Input data:
=== Section Start ===
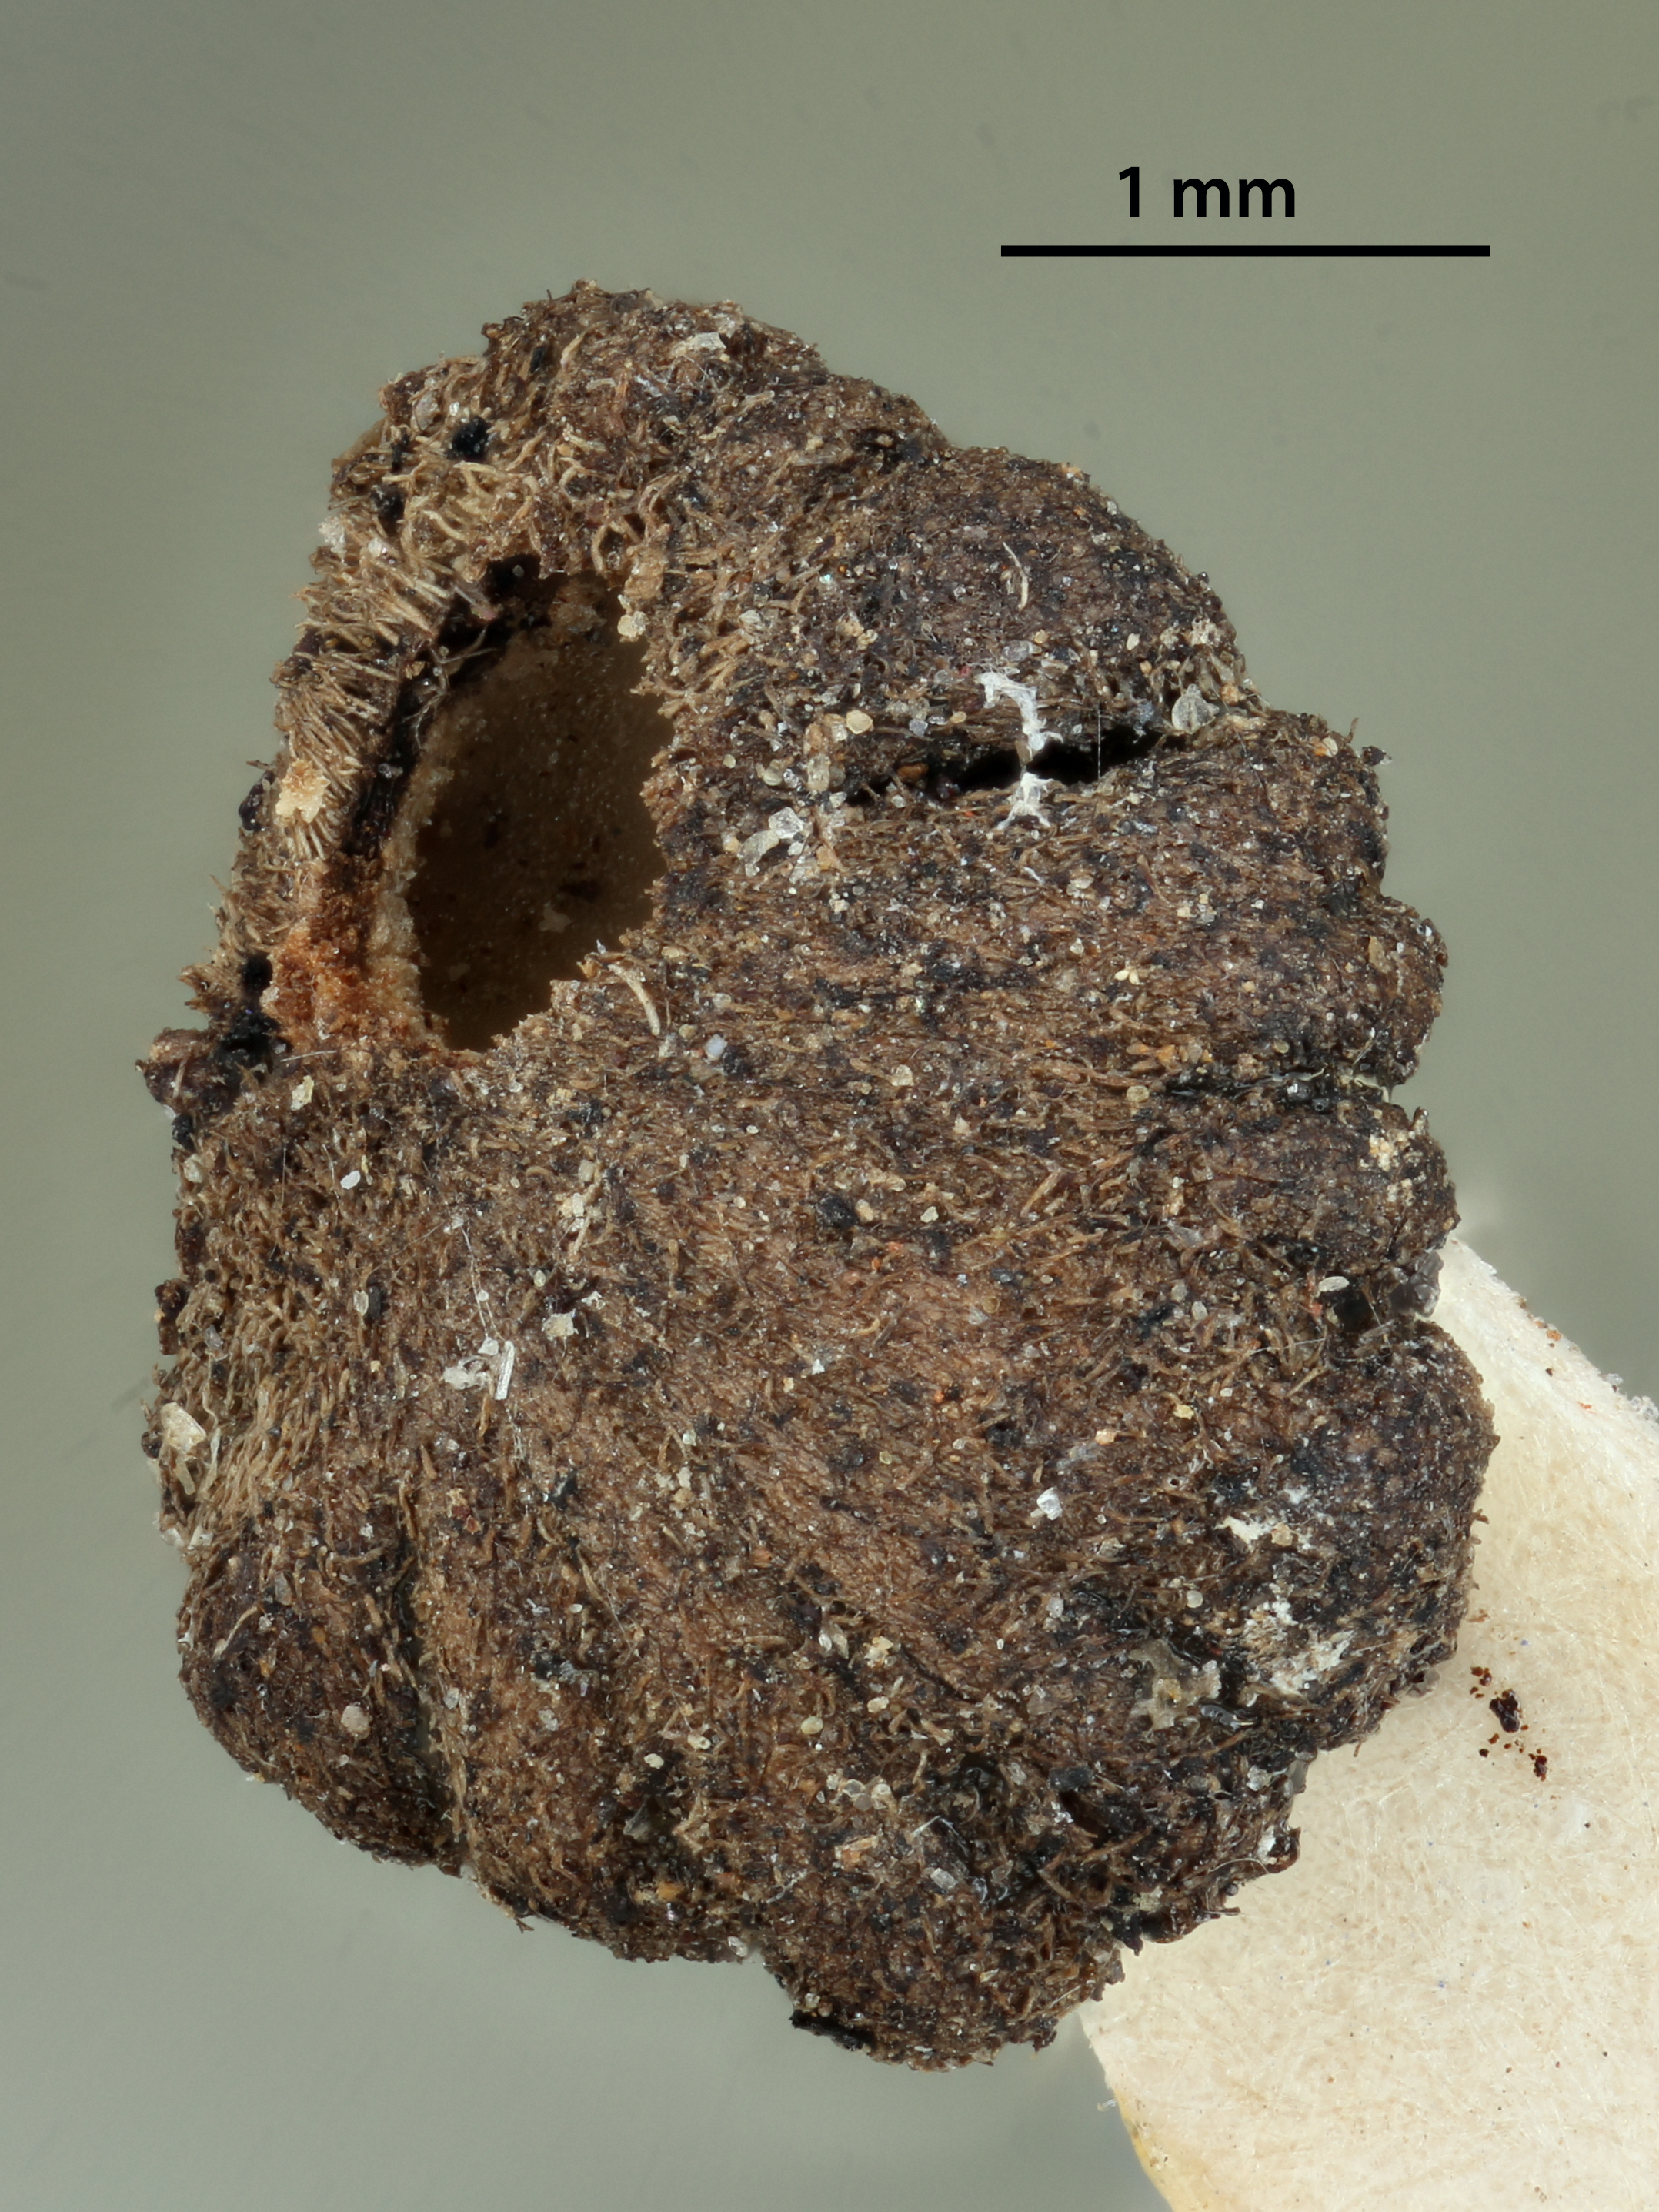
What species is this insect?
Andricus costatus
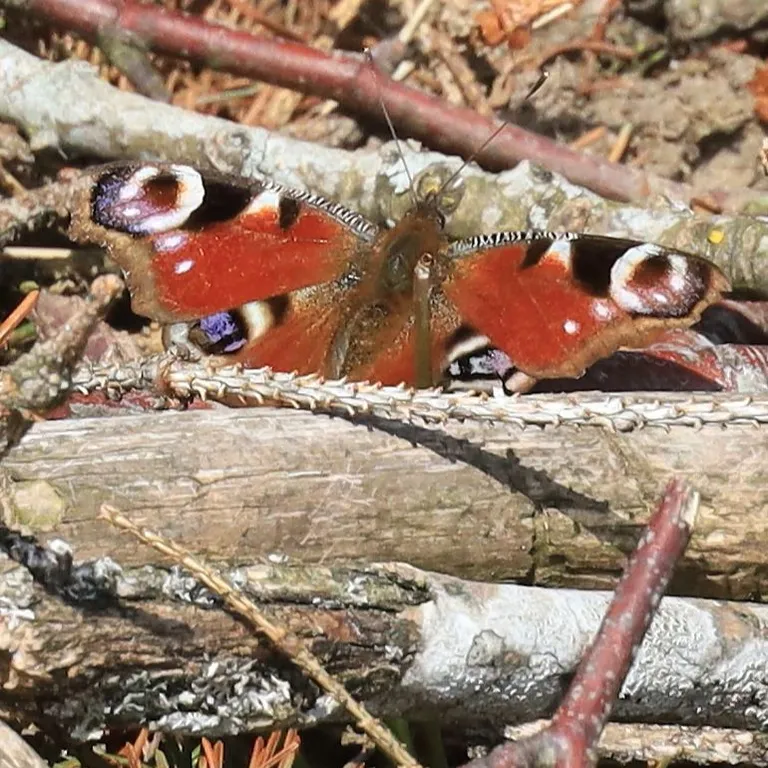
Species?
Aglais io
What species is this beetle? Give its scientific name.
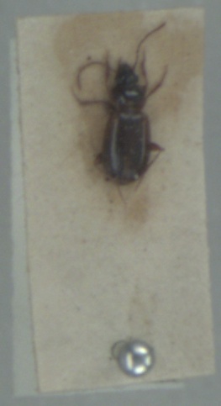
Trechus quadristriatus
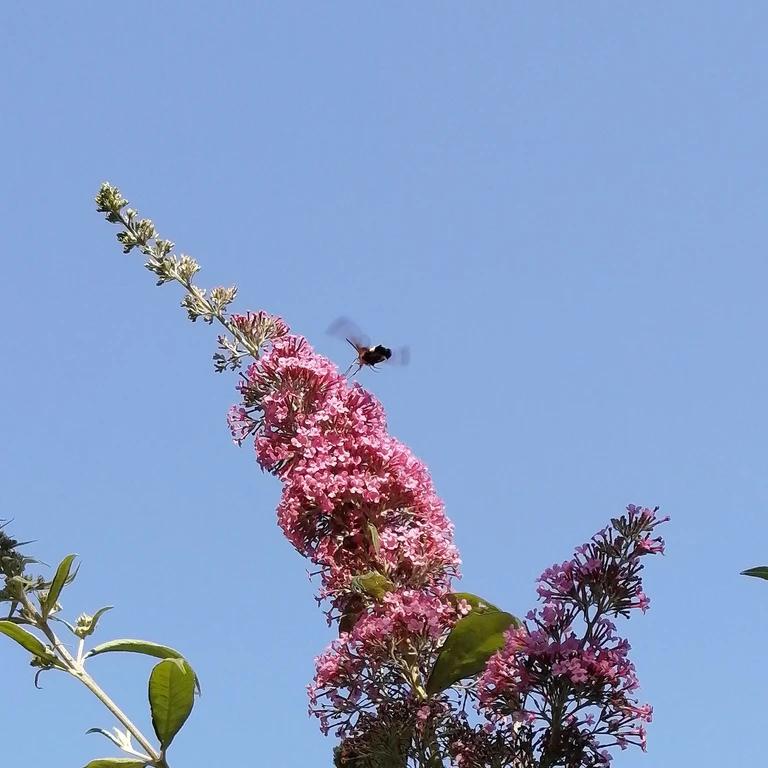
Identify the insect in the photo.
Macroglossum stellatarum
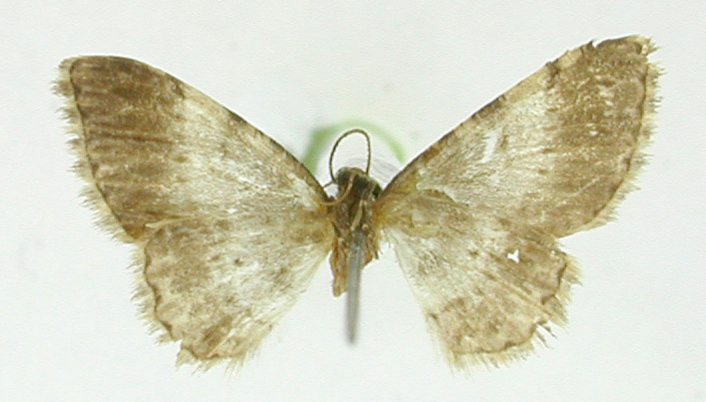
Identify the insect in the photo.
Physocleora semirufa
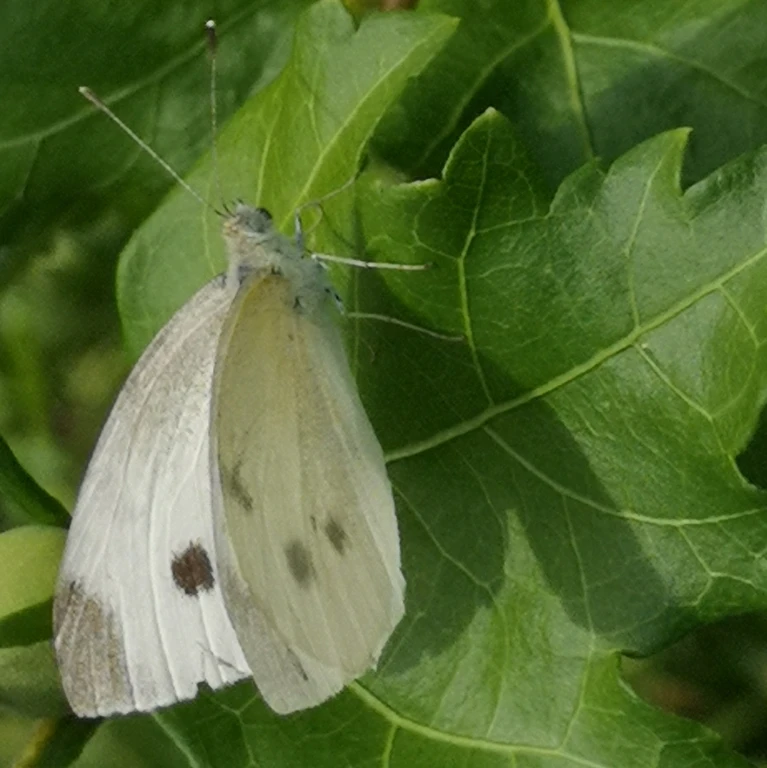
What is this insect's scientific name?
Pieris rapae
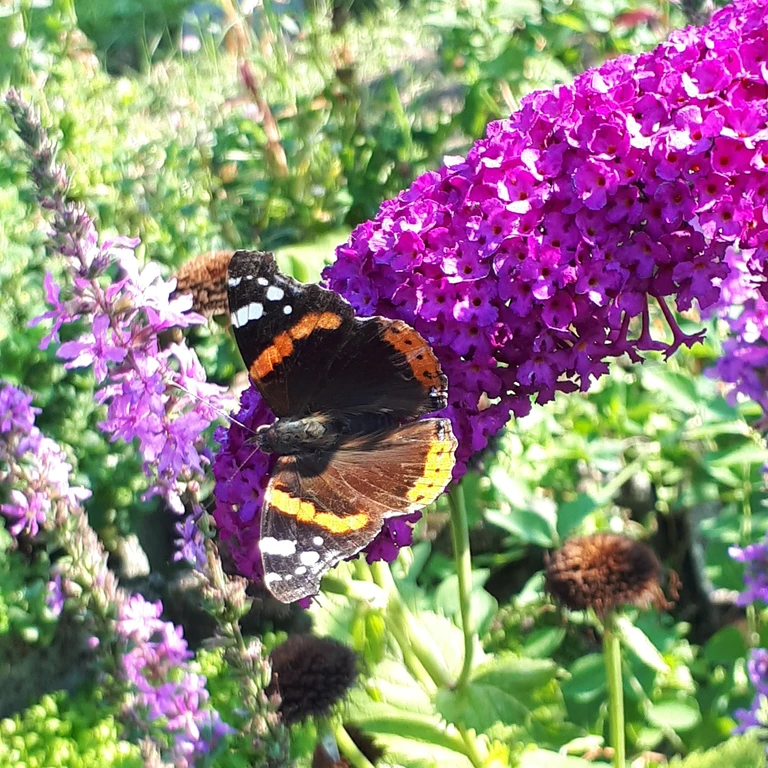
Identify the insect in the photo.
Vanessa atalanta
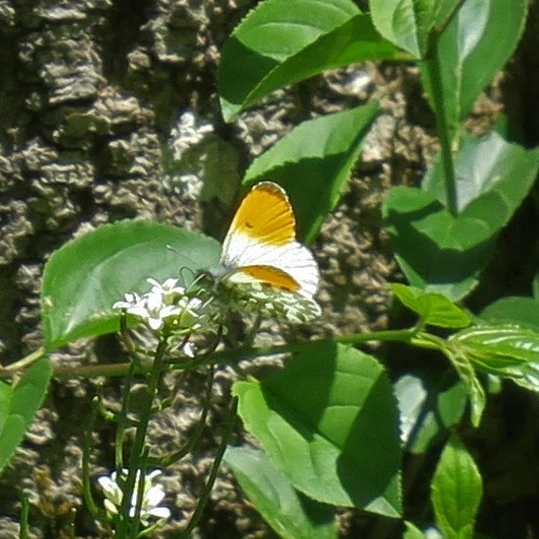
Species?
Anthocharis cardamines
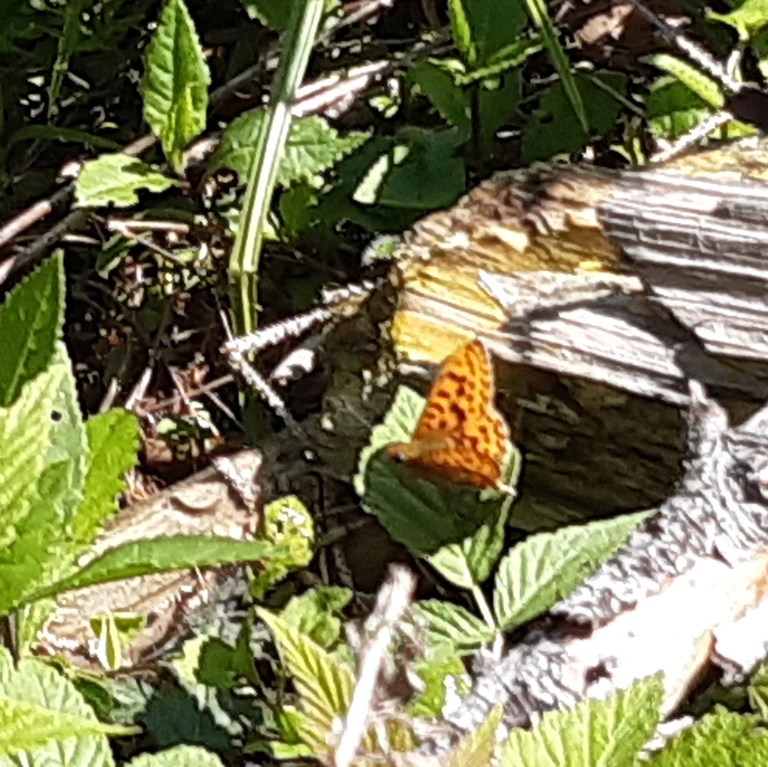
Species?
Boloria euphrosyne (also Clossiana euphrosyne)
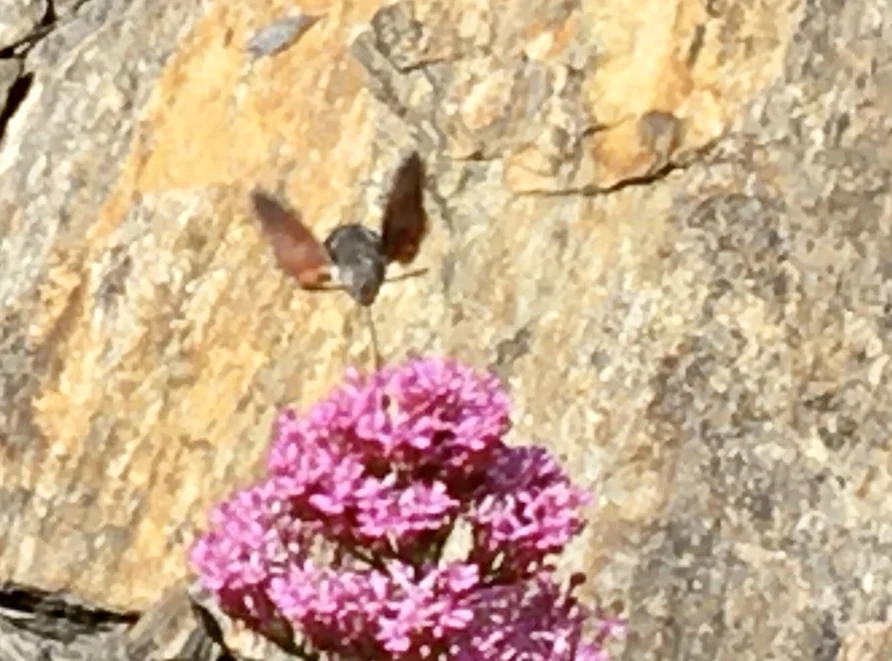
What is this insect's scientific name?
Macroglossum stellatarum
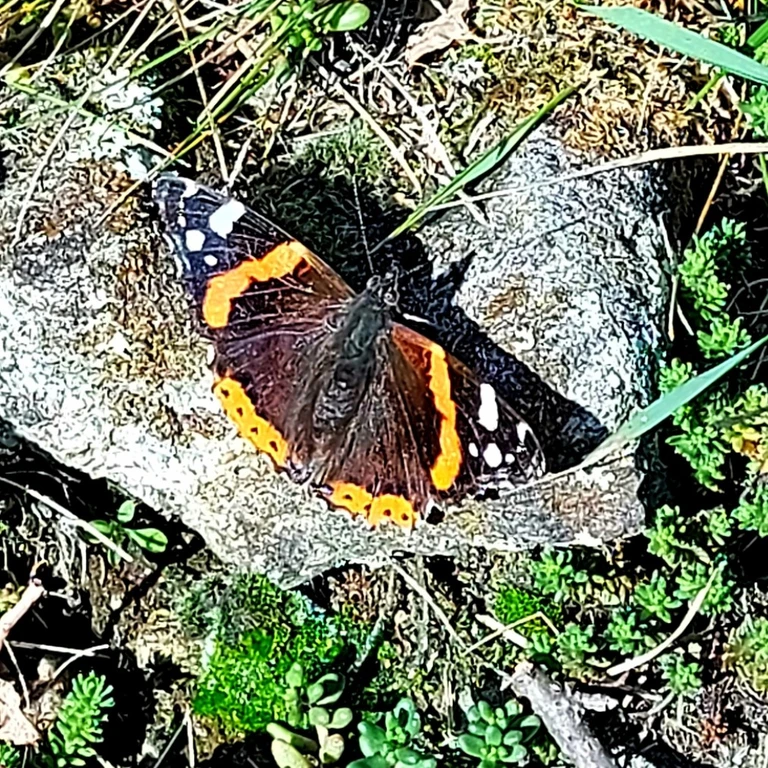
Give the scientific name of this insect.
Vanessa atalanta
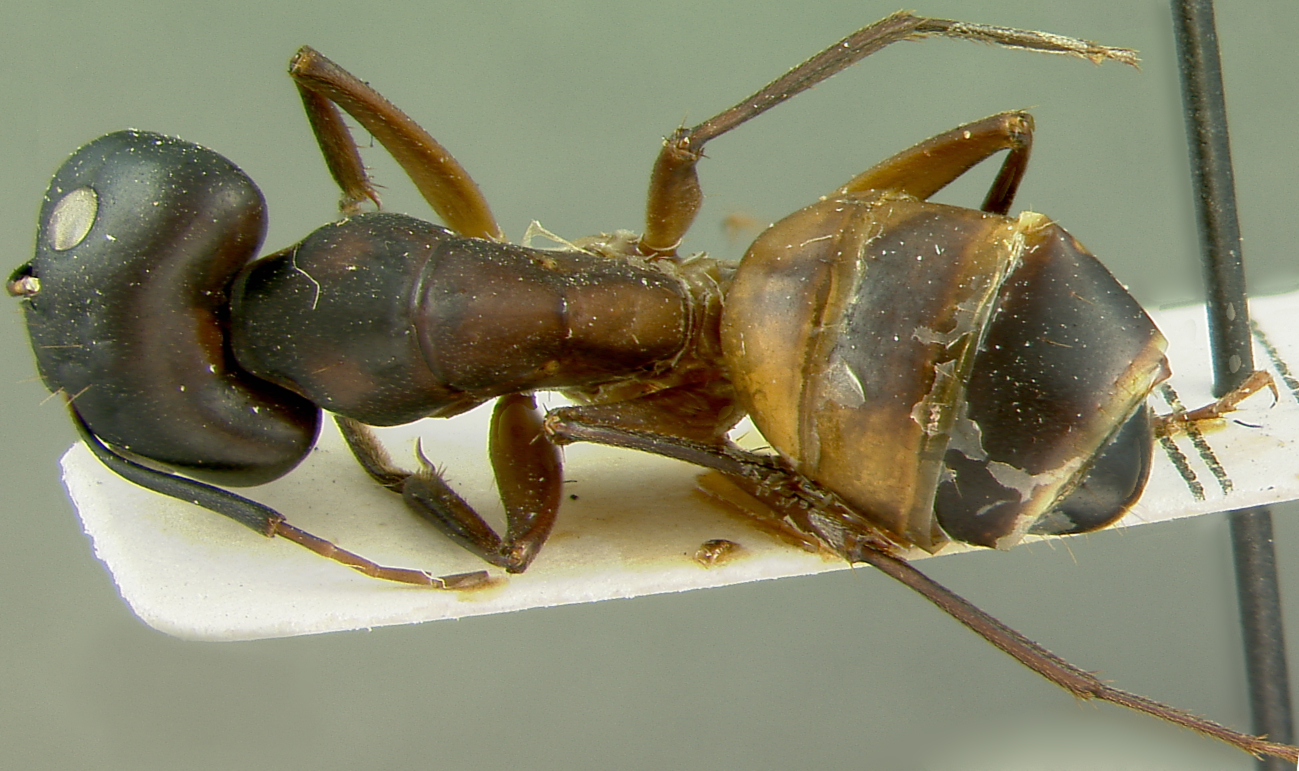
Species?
=== Section End ===
Work required: Print the records above exactly as they stand, but leave out the pictures.

Task answer:
What species is this insect?
Andricus costatus
Species?
Aglais io
What species is this beetle? Give its scientific name.
Trechus quadristriatus
Identify the insect in the photo.
Macroglossum stellatarum
Identify the insect in the photo.
Physocleora semirufa
What is this insect's scientific name?
Pieris rapae
Identify the insect in the photo.
Vanessa atalanta
Species?
Anthocharis cardamines
Species?
Boloria euphrosyne (also Clossiana euphrosyne)
What is this insect's scientific name?
Macroglossum stellatarum
Give the scientific name of this insect.
Vanessa atalanta
Species?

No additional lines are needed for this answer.